- WHAT YOU ARE ASKED TO DO -
None of the pictures should appear; the lines from the line containing "assessment: A-ROP (aggressive ROP)" through the last line of the listing must be repeated exactly.

- RECORDED INFORMATION -
::::::::
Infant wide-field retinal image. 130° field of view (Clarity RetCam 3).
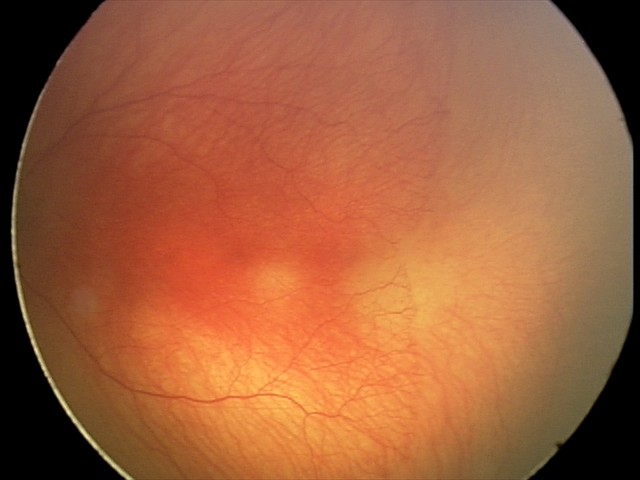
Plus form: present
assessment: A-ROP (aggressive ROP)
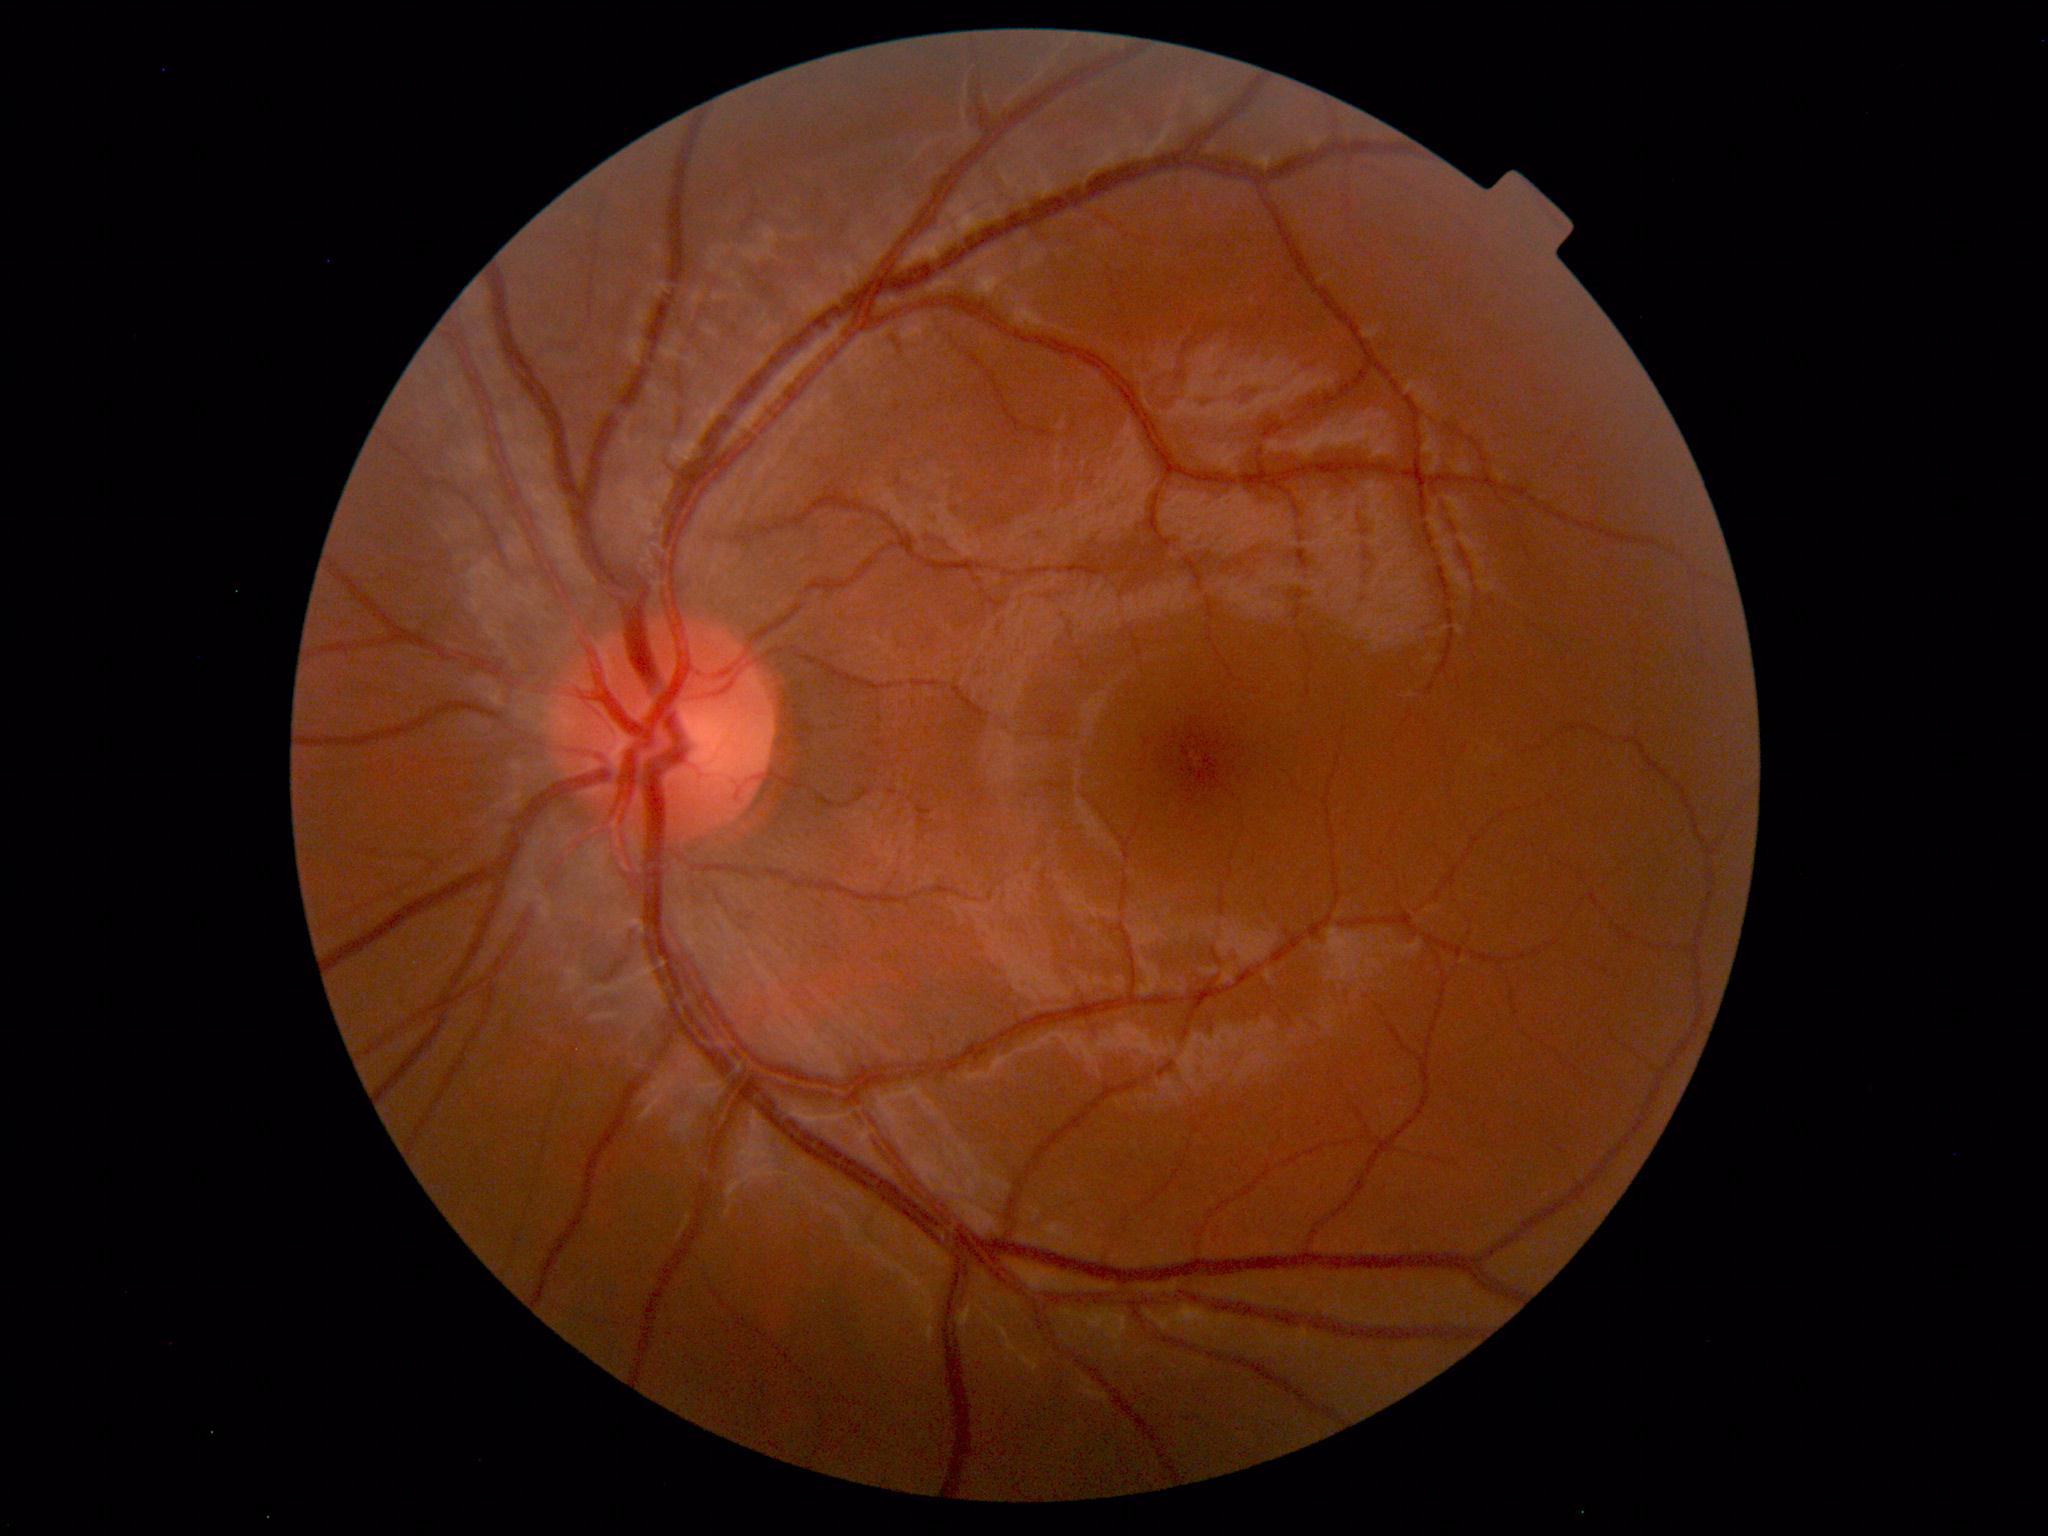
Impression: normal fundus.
::::::::
- TASK SOLUTION -
assessment: A-ROP (aggressive ROP)
Impression: normal fundus.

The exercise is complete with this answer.